CAN-SPAM generally sets forth an opt-out regime for commercial emails, requiring companies to accurately label their commercial emails and provide an opt-out mechanism. The sender must honor opt-out requests within 10 business days. The TCPA sets forth an opt-in regime for companies that call or send text messages to cellular numbers using automatic telephone dialling systems (ATDS) that have the capacity to store or produce a telephone number using a random or sequential number generator or artificial or pre-recorded voice messages. Messages that include an advertisement or marketing material must pass a higher consent bar than messages or calls that are transactional in nature. The Telemarketing Sales Rule generally requires companies to honor opt-out requests and maintain a list of such requests (referred to as an “internal Do Not Call list”) and to avoid making calls at certain times. See 16 C.F.R. § 310.

U.S. privacy laws generally do not restrict transfers of personal information outside of either state or federal borders. 

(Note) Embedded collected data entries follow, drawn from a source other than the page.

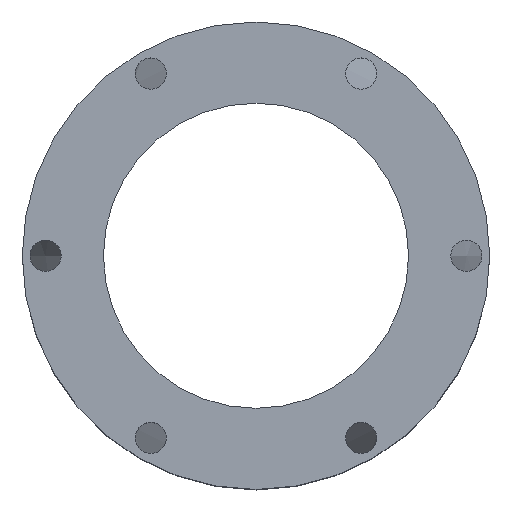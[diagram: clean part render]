
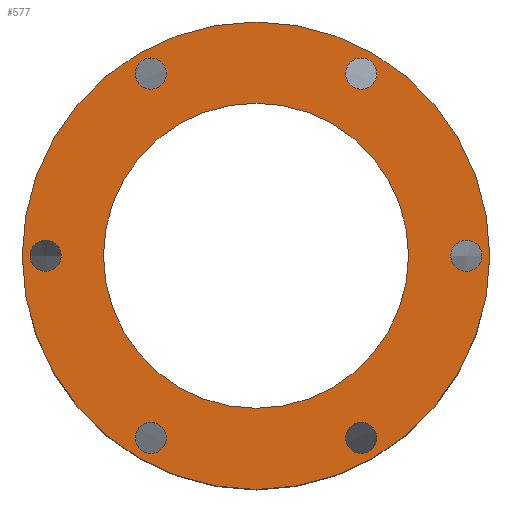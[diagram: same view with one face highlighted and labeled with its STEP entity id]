
A CAD part, top view. The second image highlights one B-rep face of the part: STEP entity #577.
In plain terms, the highlighted planar face has unit normal (0, 0, 1).
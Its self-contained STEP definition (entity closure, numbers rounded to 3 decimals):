
#40=CARTESIAN_POINT('Vertex',(0.,38.1,0.)) ;
#56=CARTESIAN_POINT('Vertex',(0.,-38.1,0.)) ;
#59=CARTESIAN_POINT('Axis2P3D Location',(0.,0.,0.)) ;
#76=CARTESIAN_POINT('Axis2P3D Location',(0.,0.,0.)) ;
#442=CARTESIAN_POINT('Axis2P3D Location',(0.,-38.1,0.)) ;
#451=CARTESIAN_POINT('Axis2P3D Location',(17.145,-29.696,0.)) ;
#455=CARTESIAN_POINT('Vertex',(15.875,-27.496,0.)) ;
#457=CARTESIAN_POINT('Vertex',(18.415,-31.896,0.)) ;
#460=CARTESIAN_POINT('Axis2P3D Location',(17.145,-29.696,0.)) ;
#469=CARTESIAN_POINT('Axis2P3D Location',(34.29,0.,0.)) ;
#473=CARTESIAN_POINT('Vertex',(31.75,0.,0.)) ;
#475=CARTESIAN_POINT('Vertex',(36.83,0.,0.)) ;
#478=CARTESIAN_POINT('Axis2P3D Location',(34.29,0.,0.)) ;
#487=CARTESIAN_POINT('Axis2P3D Location',(0.,0.,0.)) ;
#491=CARTESIAN_POINT('Vertex',(0.,24.864,0.)) ;
#493=CARTESIAN_POINT('Vertex',(0.,-24.864,0.)) ;
#496=CARTESIAN_POINT('Axis2P3D Location',(0.,0.,0.)) ;
#505=CARTESIAN_POINT('Axis2P3D Location',(-17.145,-29.696,0.)) ;
#509=CARTESIAN_POINT('Vertex',(-15.875,-27.496,0.)) ;
#511=CARTESIAN_POINT('Vertex',(-18.415,-31.896,0.)) ;
#514=CARTESIAN_POINT('Axis2P3D Location',(-17.145,-29.696,0.)) ;
#523=CARTESIAN_POINT('Axis2P3D Location',(-34.29,0.,0.)) ;
#527=CARTESIAN_POINT('Vertex',(-31.75,0.,0.)) ;
#529=CARTESIAN_POINT('Vertex',(-36.83,0.,0.)) ;
#532=CARTESIAN_POINT('Axis2P3D Location',(-34.29,0.,0.)) ;
#541=CARTESIAN_POINT('Axis2P3D Location',(-17.145,29.696,0.)) ;
#545=CARTESIAN_POINT('Vertex',(-15.875,27.496,0.)) ;
#547=CARTESIAN_POINT('Vertex',(-18.415,31.896,0.)) ;
#550=CARTESIAN_POINT('Axis2P3D Location',(-17.145,29.696,0.)) ;
#559=CARTESIAN_POINT('Axis2P3D Location',(17.145,29.696,0.)) ;
#563=CARTESIAN_POINT('Vertex',(15.875,27.496,0.)) ;
#565=CARTESIAN_POINT('Vertex',(18.415,31.896,0.)) ;
#568=CARTESIAN_POINT('Axis2P3D Location',(17.145,29.696,0.)) ;
#60=DIRECTION('Axis2P3D Direction',(0.,0.,-1.)) ;
#77=DIRECTION('Axis2P3D Direction',(0.,0.,-1.)) ;
#443=DIRECTION('Axis2P3D Direction',(0.,0.,-1.)) ;
#444=DIRECTION('Axis2P3D XDirection',(1.,0.,0.)) ;
#452=DIRECTION('Axis2P3D Direction',(0.,0.,-1.)) ;
#461=DIRECTION('Axis2P3D Direction',(0.,0.,-1.)) ;
#470=DIRECTION('Axis2P3D Direction',(0.,0.,-1.)) ;
#479=DIRECTION('Axis2P3D Direction',(0.,0.,-1.)) ;
#488=DIRECTION('Axis2P3D Direction',(0.,0.,-1.)) ;
#497=DIRECTION('Axis2P3D Direction',(0.,0.,-1.)) ;
#506=DIRECTION('Axis2P3D Direction',(0.,0.,-1.)) ;
#515=DIRECTION('Axis2P3D Direction',(0.,0.,-1.)) ;
#524=DIRECTION('Axis2P3D Direction',(0.,0.,-1.)) ;
#533=DIRECTION('Axis2P3D Direction',(0.,0.,-1.)) ;
#542=DIRECTION('Axis2P3D Direction',(0.,0.,-1.)) ;
#551=DIRECTION('Axis2P3D Direction',(0.,0.,-1.)) ;
#560=DIRECTION('Axis2P3D Direction',(0.,0.,-1.)) ;
#569=DIRECTION('Axis2P3D Direction',(0.,0.,-1.)) ;
#61=AXIS2_PLACEMENT_3D('Circle Axis2P3D',#59,#60,$) ;
#78=AXIS2_PLACEMENT_3D('Circle Axis2P3D',#76,#77,$) ;
#445=AXIS2_PLACEMENT_3D('Plane Axis2P3D',#442,#443,#444) ;
#453=AXIS2_PLACEMENT_3D('Circle Axis2P3D',#451,#452,$) ;
#462=AXIS2_PLACEMENT_3D('Circle Axis2P3D',#460,#461,$) ;
#471=AXIS2_PLACEMENT_3D('Circle Axis2P3D',#469,#470,$) ;
#480=AXIS2_PLACEMENT_3D('Circle Axis2P3D',#478,#479,$) ;
#489=AXIS2_PLACEMENT_3D('Circle Axis2P3D',#487,#488,$) ;
#498=AXIS2_PLACEMENT_3D('Circle Axis2P3D',#496,#497,$) ;
#507=AXIS2_PLACEMENT_3D('Circle Axis2P3D',#505,#506,$) ;
#516=AXIS2_PLACEMENT_3D('Circle Axis2P3D',#514,#515,$) ;
#525=AXIS2_PLACEMENT_3D('Circle Axis2P3D',#523,#524,$) ;
#534=AXIS2_PLACEMENT_3D('Circle Axis2P3D',#532,#533,$) ;
#543=AXIS2_PLACEMENT_3D('Circle Axis2P3D',#541,#542,$) ;
#552=AXIS2_PLACEMENT_3D('Circle Axis2P3D',#550,#551,$) ;
#561=AXIS2_PLACEMENT_3D('Circle Axis2P3D',#559,#560,$) ;
#570=AXIS2_PLACEMENT_3D('Circle Axis2P3D',#568,#569,$) ;
#62=CIRCLE('generated circle',#61,38.1) ;
#79=CIRCLE('generated circle',#78,38.1) ;
#454=CIRCLE('generated circle',#453,2.54) ;
#463=CIRCLE('generated circle',#462,2.54) ;
#472=CIRCLE('generated circle',#471,2.54) ;
#481=CIRCLE('generated circle',#480,2.54) ;
#490=CIRCLE('generated circle',#489,24.864) ;
#499=CIRCLE('generated circle',#498,24.864) ;
#508=CIRCLE('generated circle',#507,2.54) ;
#517=CIRCLE('generated circle',#516,2.54) ;
#526=CIRCLE('generated circle',#525,2.54) ;
#535=CIRCLE('generated circle',#534,2.54) ;
#544=CIRCLE('generated circle',#543,2.54) ;
#553=CIRCLE('generated circle',#552,2.54) ;
#562=CIRCLE('generated circle',#561,2.54) ;
#571=CIRCLE('generated circle',#570,2.54) ;
#446=PLANE('',#445) ;
#468=FACE_BOUND('',#465,.T.) ;
#486=FACE_BOUND('',#483,.T.) ;
#504=FACE_BOUND('',#501,.T.) ;
#522=FACE_BOUND('',#519,.T.) ;
#540=FACE_BOUND('',#537,.T.) ;
#558=FACE_BOUND('',#555,.T.) ;
#576=FACE_BOUND('',#573,.T.) ;
#63=EDGE_CURVE('',#57,#41,#62,.T.) ;
#80=EDGE_CURVE('',#41,#57,#79,.T.) ;
#459=EDGE_CURVE('',#456,#458,#454,.F.) ;
#464=EDGE_CURVE('',#458,#456,#463,.F.) ;
#477=EDGE_CURVE('',#474,#476,#472,.F.) ;
#482=EDGE_CURVE('',#476,#474,#481,.F.) ;
#495=EDGE_CURVE('',#492,#494,#490,.T.) ;
#500=EDGE_CURVE('',#494,#492,#499,.T.) ;
#513=EDGE_CURVE('',#510,#512,#508,.F.) ;
#518=EDGE_CURVE('',#512,#510,#517,.F.) ;
#531=EDGE_CURVE('',#528,#530,#526,.F.) ;
#536=EDGE_CURVE('',#530,#528,#535,.F.) ;
#549=EDGE_CURVE('',#546,#548,#544,.F.) ;
#554=EDGE_CURVE('',#548,#546,#553,.F.) ;
#567=EDGE_CURVE('',#564,#566,#562,.F.) ;
#572=EDGE_CURVE('',#566,#564,#571,.F.) ;
#448=ORIENTED_EDGE('',*,*,#63,.F.) ;
#449=ORIENTED_EDGE('',*,*,#80,.F.) ;
#466=ORIENTED_EDGE('',*,*,#459,.F.) ;
#467=ORIENTED_EDGE('',*,*,#464,.F.) ;
#484=ORIENTED_EDGE('',*,*,#477,.F.) ;
#485=ORIENTED_EDGE('',*,*,#482,.F.) ;
#502=ORIENTED_EDGE('',*,*,#495,.T.) ;
#503=ORIENTED_EDGE('',*,*,#500,.T.) ;
#520=ORIENTED_EDGE('',*,*,#513,.F.) ;
#521=ORIENTED_EDGE('',*,*,#518,.F.) ;
#538=ORIENTED_EDGE('',*,*,#531,.F.) ;
#539=ORIENTED_EDGE('',*,*,#536,.F.) ;
#556=ORIENTED_EDGE('',*,*,#549,.F.) ;
#557=ORIENTED_EDGE('',*,*,#554,.F.) ;
#574=ORIENTED_EDGE('',*,*,#567,.F.) ;
#575=ORIENTED_EDGE('',*,*,#572,.F.) ;
#447=EDGE_LOOP('',(#448,#449)) ;
#465=EDGE_LOOP('',(#466,#467)) ;
#483=EDGE_LOOP('',(#484,#485)) ;
#501=EDGE_LOOP('',(#502,#503)) ;
#519=EDGE_LOOP('',(#520,#521)) ;
#537=EDGE_LOOP('',(#538,#539)) ;
#555=EDGE_LOOP('',(#556,#557)) ;
#573=EDGE_LOOP('',(#574,#575)) ;
#41=VERTEX_POINT('',#40) ;
#57=VERTEX_POINT('',#56) ;
#456=VERTEX_POINT('',#455) ;
#458=VERTEX_POINT('',#457) ;
#474=VERTEX_POINT('',#473) ;
#476=VERTEX_POINT('',#475) ;
#492=VERTEX_POINT('',#491) ;
#494=VERTEX_POINT('',#493) ;
#510=VERTEX_POINT('',#509) ;
#512=VERTEX_POINT('',#511) ;
#528=VERTEX_POINT('',#527) ;
#530=VERTEX_POINT('',#529) ;
#546=VERTEX_POINT('',#545) ;
#548=VERTEX_POINT('',#547) ;
#564=VERTEX_POINT('',#563) ;
#566=VERTEX_POINT('',#565) ;
#577=ADVANCED_FACE('PartBody',(#450,#468,#486,#504,#522,#540,#558,#576),#446,.F.) ;
#450=FACE_OUTER_BOUND('',#447,.T.) ;

The FTC has broad authority to initiate investigations and bring complaints against companies. Typically, these enforcement actions are resolved via public settlement agreements with no court involvement.

State omnibus consumer privacy laws are typically enforced by the attorney general of the relevant state with authorities similar to the FTC. California recently stood up a new agency devoted exclusively to privacy matters that also has enforcement authority. These state regulators generally lack audit or similar authority, but have broad investigatory authority, such as to demand information.

Sanctions and remedies vary widely under different laws and jurisdictions. The FTC generally lacks fining authority under section 5 of the FTC Act but can seek injunctive relief and disgorgement of profits. Typically, the FTC resolves complaints brought under section 5 via settlement decree between the FTC and the company, whereby the company promises it will not repeat the offending behavior, agrees to implement specific privacy controls, and submits to 20 years of FTC oversight and monitoring. Nevertheless, the FTC increasingly extracts monetary relief from companies as part of its settlements. Unlike section 5, COPPA and CAN-SPAM are backed by steep civil penalties of more than USD 50,000 per violation. The TCPA provides a private right of action for injunctive relief and provides for statutory damages of USD 500–1,500 per call or text sent without prior express consent.

The omnibus consumer privacy laws provide for statutory fines ranging from USD 2,500 to USD 25,000 per violation. The CCPA uniquely provides for a limited private right of action for uncured breaches of unencrypted data that are reportable under California’s breach notification law, under which individuals may each seek to recover the greater of actual damages or statutory damages up to USD 750 per violation. Washington’s consumer health data act, known as My Health My Data Act or MHMD, notably is backed by a private right of action in which plaintiffs may recover actual damages (which may be trebled up to USD 25,000) as well as costs and reasonable attorneys’ fees.